Hospital wards are full of plastic surfaces, plastic tubes and plastic devices, each one potentially harbouring dangerous microbes. Bacteria are capable of surviving for a long time on plastic surfaces, from which they can spread to patients and cause infections.
Group members discussing experimental results in the Richter-Dahlfors lab. (Photo: Laurent Mekul)
Effective combination of small attacks
While both large electrical currents and high silver concentrations are known to kill bacteria, they also pose a risk to humans, which is why their use in hospitals is limited. New research lead by Professor Agneta Richter-Dahlfors at Karolinska Institutet’s Department of Neuroscience shows that it is not necessary to use dangerous concentrations of silver or large currents in order to kill bacteria, if these are used in combination.

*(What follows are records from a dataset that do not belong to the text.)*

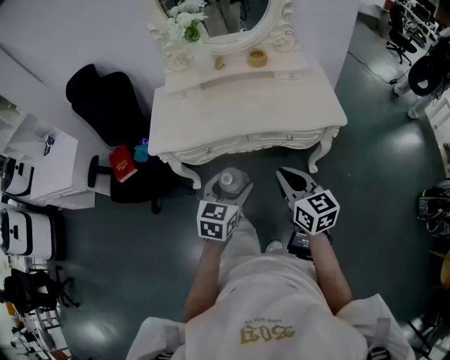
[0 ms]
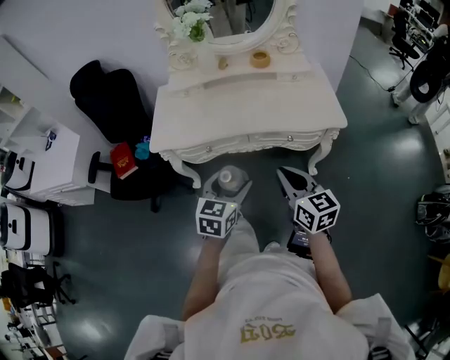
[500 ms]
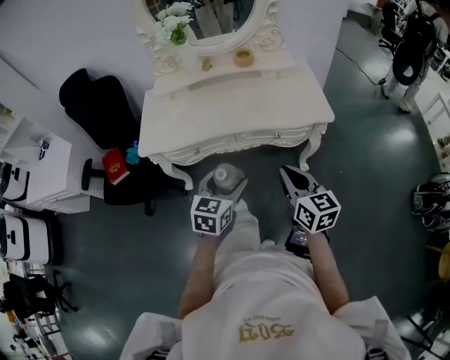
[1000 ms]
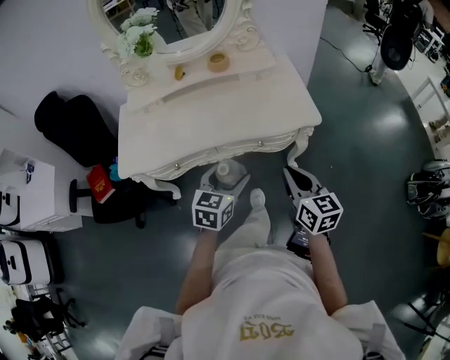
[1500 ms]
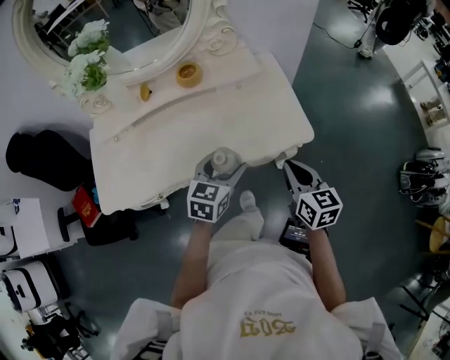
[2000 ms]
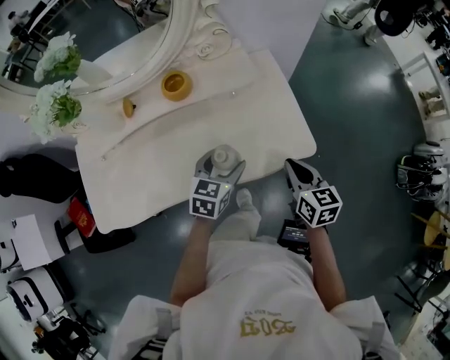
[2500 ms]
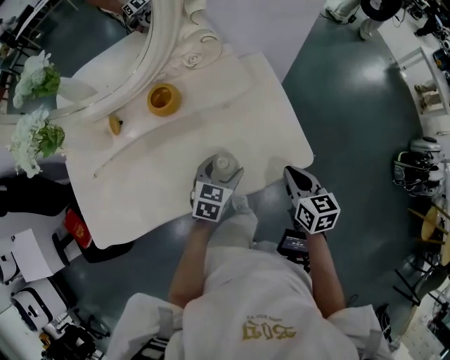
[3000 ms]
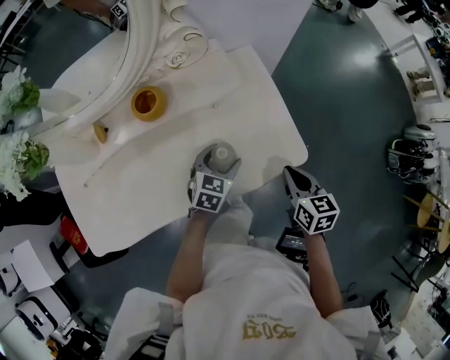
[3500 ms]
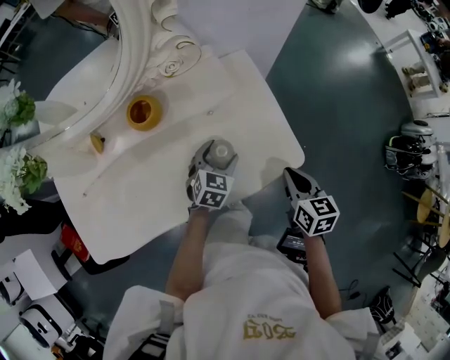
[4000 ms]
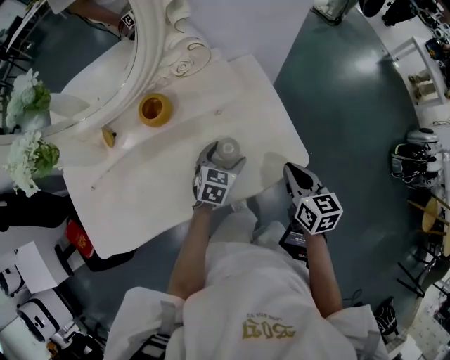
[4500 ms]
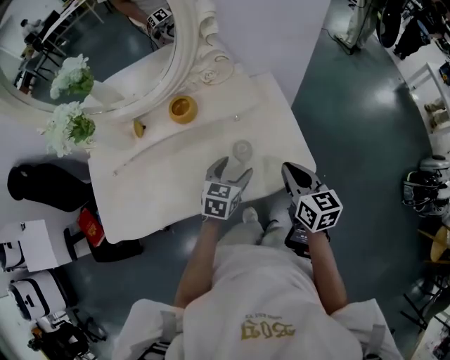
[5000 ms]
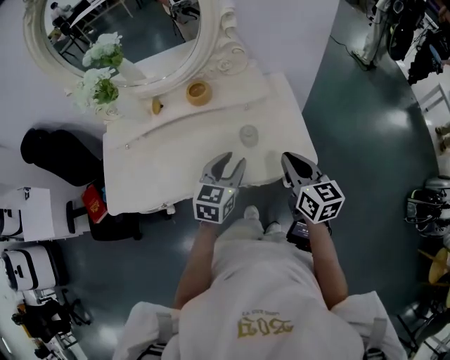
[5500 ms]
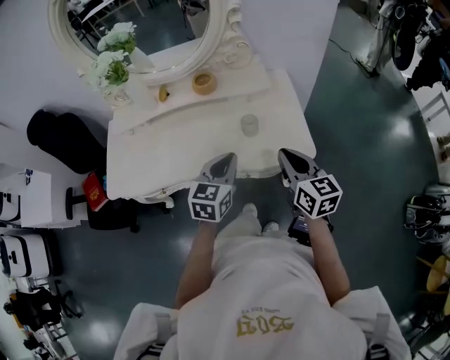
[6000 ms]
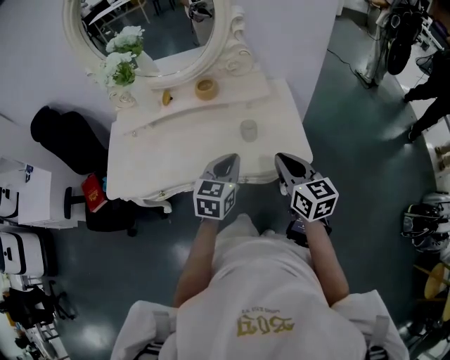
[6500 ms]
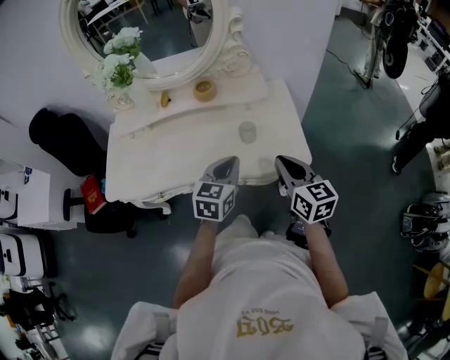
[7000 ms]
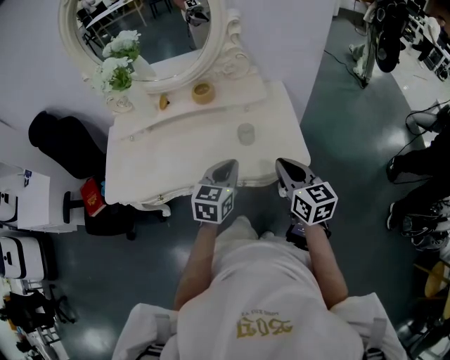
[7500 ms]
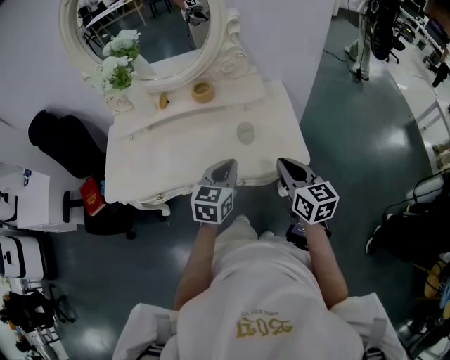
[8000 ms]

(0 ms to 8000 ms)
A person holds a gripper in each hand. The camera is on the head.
0 ms - 2000 ms: Both grippers move forward and to the right, some 30 cm. The right gripper turns by some 20 degrees.
2000 ms - 4000 ms: The left gripper travels forward and downward by roughly 25 cm, and swivels approximately 20 degrees. The right gripper moves forward and downward, roughly 15 cm.
4000 ms - 6000 ms: The right gripper heads upward, backward and to the left, covering roughly 15 cm, and rotates roughly 30 degrees, while the left gripper shifts approximately 25 cm upward and backward, swivels approximately 30 degrees, and closes up.
6000 ms - 8000 ms: The grippers stay close to where they were, moving slightly.

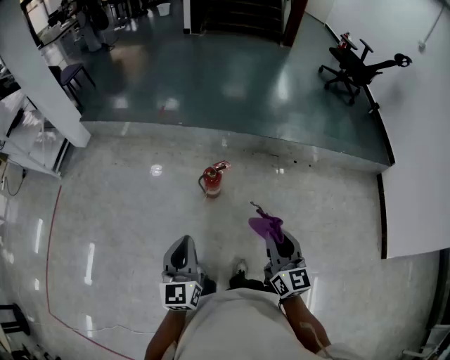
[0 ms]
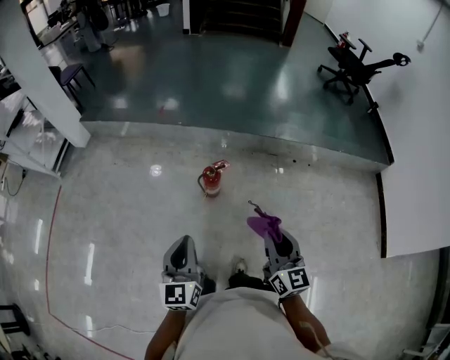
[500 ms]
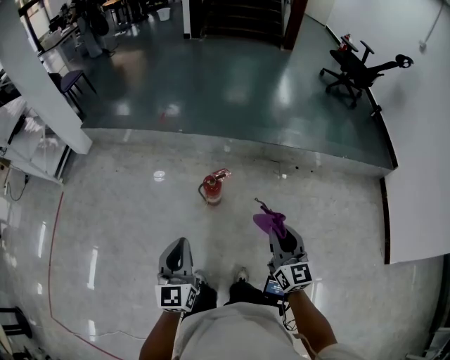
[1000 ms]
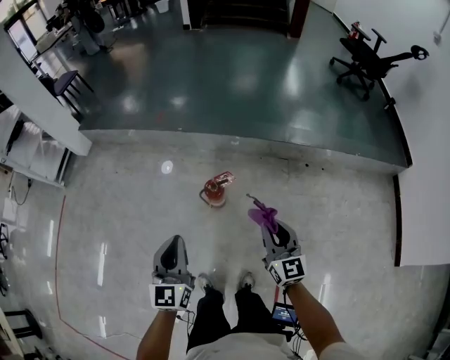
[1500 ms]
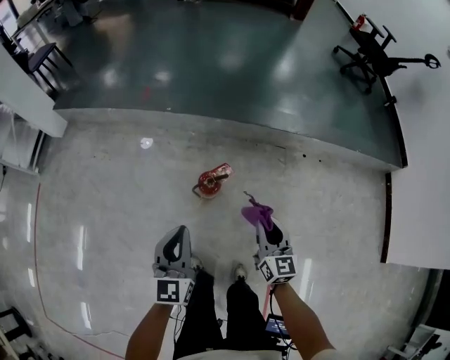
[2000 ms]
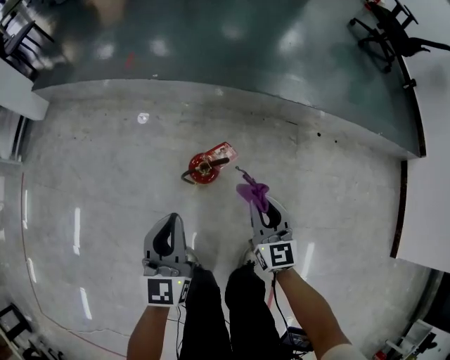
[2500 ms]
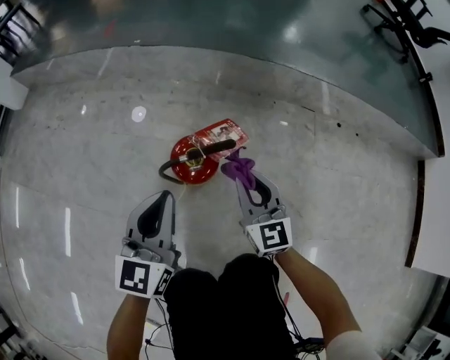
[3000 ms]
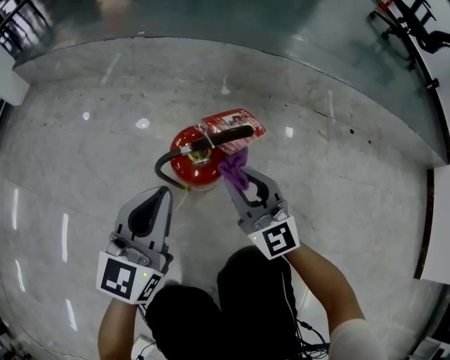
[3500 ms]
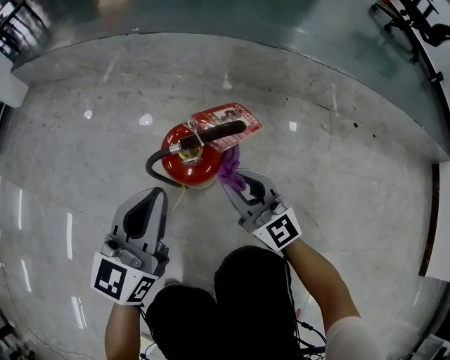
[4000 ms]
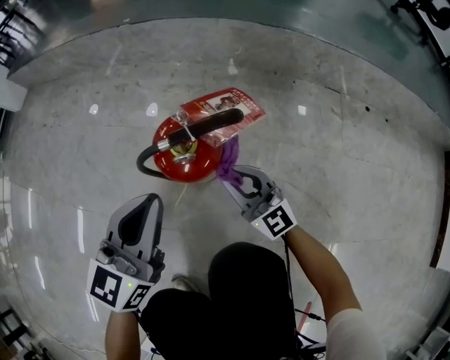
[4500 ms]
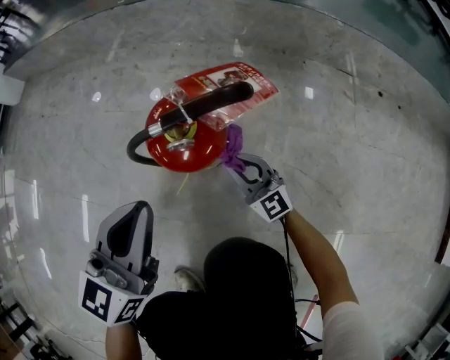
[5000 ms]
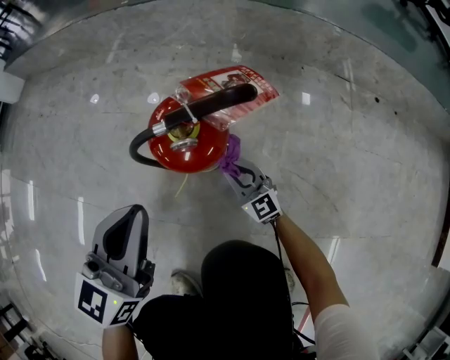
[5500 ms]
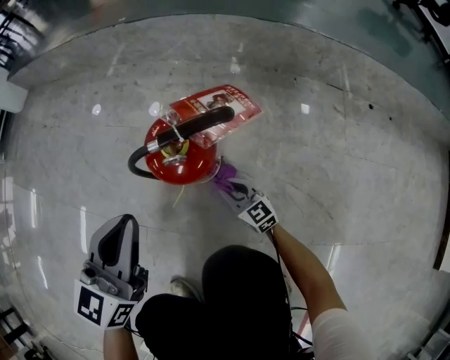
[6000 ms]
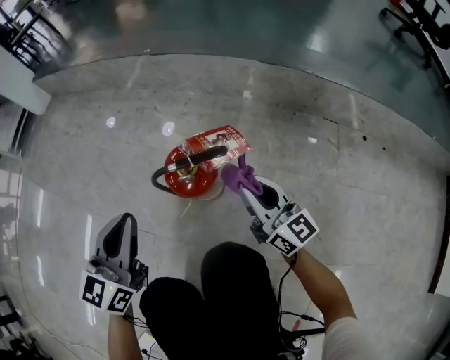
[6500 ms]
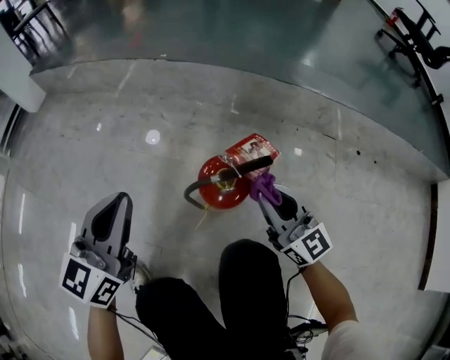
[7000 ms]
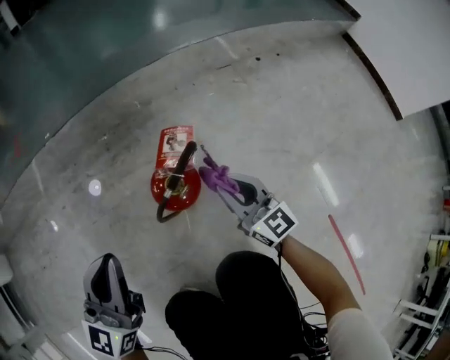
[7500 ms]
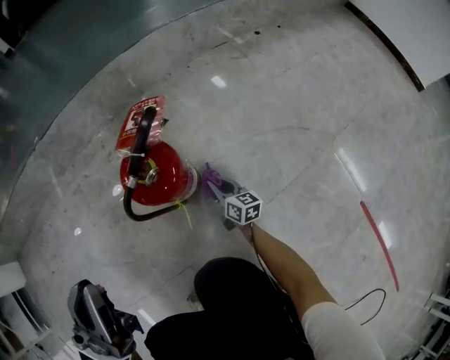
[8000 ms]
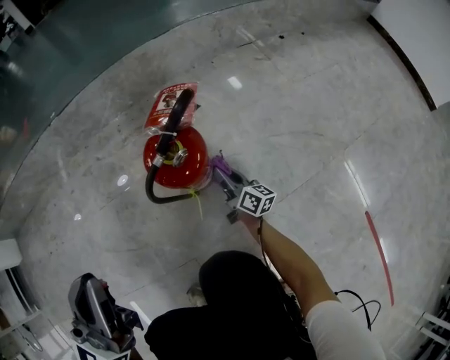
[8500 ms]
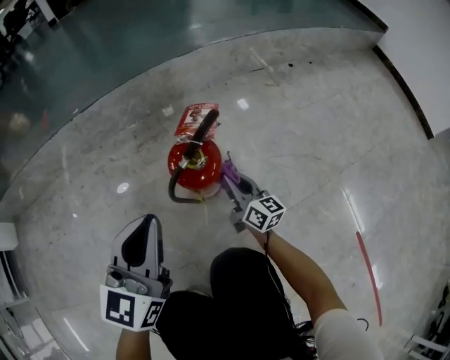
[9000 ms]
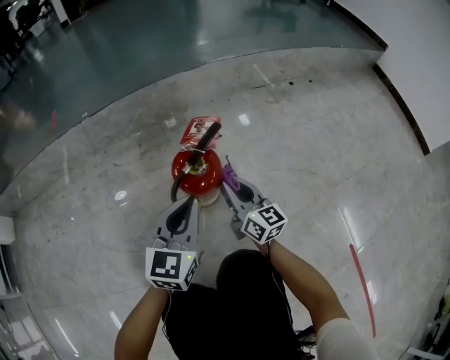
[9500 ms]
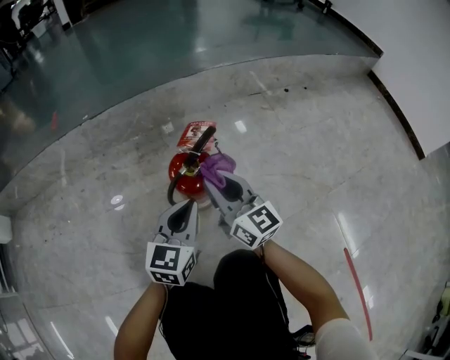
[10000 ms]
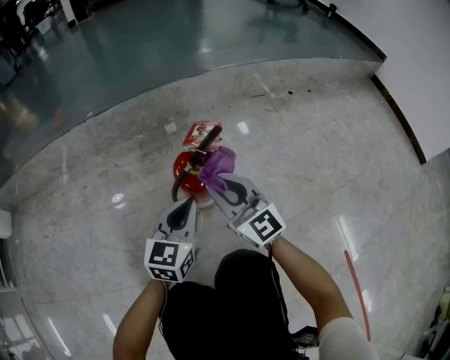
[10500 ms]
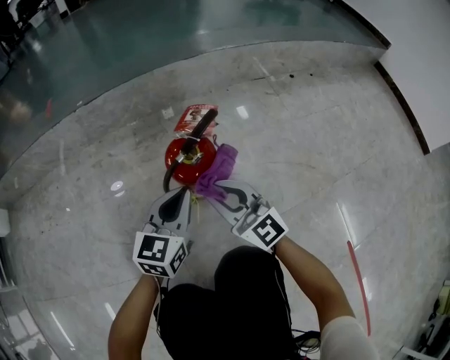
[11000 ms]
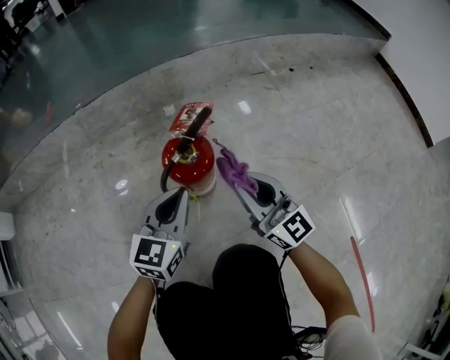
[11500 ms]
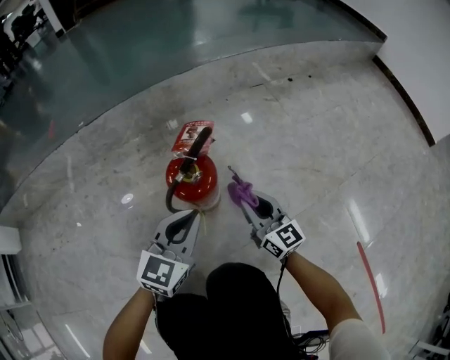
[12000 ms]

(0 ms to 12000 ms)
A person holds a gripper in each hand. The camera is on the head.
0 ms - 2000 ms: Both grippers travel together forward and downward, approximately 30 cm.
2000 ms - 4000 ms: Both grippers move downward, approximately 50 cm. The right gripper swivels approximately 40 degrees.
4000 ms - 6000 ms: The right gripper shifts approximately 25 cm downward, and swivels roughly 30 degrees.
6000 ms - 8000 ms: The left gripper is displaced upward by some 10 cm, and swivels some 30 degrees. Meanwhile the right gripper reaches some 35 cm upward, then returns, and changes its angle by roughly 70 degrees.
8000 ms - 10000 ms: The left gripper goes approximately 20 cm downward and to the right; the right gripper travels upward by some 35 cm, and changes its angle by about 40 degrees.
10000 ms - 12000 ms: The right gripper heads downward and to the right, covering approximately 15 cm.

“By targeting the bacteria on several fronts at the same time, the effect of different small attacks becomes larger than when each factor is acting on its own”, explains Agneta Richter-Dahlfors.
The research team focussed on the notorious hospital pathogen Staphylococcus aureus. They found that applying tiny electrical currents to a conducting plastic surface had no effect on bacterial growth. On a similar surface exposing an attached layer of silver nanoparticles, bacterial growth was reduced. However, application of a tiny electrical current to the latter surface enhanced the effect of attached silver nanoparticles, and the bacteria were completely destroyed.
Electrical fields weaken bacterial cells
“It’s a phenomenon known as the bioelectric effect, whereby electrical fields weaken bacterial cells against external attacks”, says PhD student Salvador Gomez-Carretero at Karolinska Institutet's Department of Neuroscience. “We use electrical signals to increase the antimicrobial activity of the silver nanoparticles. This reduces the amount of silver needed, which is beneficial for both the patient and the environment.”
In the future, the researchers hope that this technology will help to keep surfaces in hospitals and other settings requiring high hygienic standards free from bacteria that can cause life-threatening infections.
“It has not yet been tested in the clinic, but we believe this technology could be a good approach to limiting the spread of infectious bacteria and the incidence of hospital-acquired infections” says Professor Richter-Dahlfors.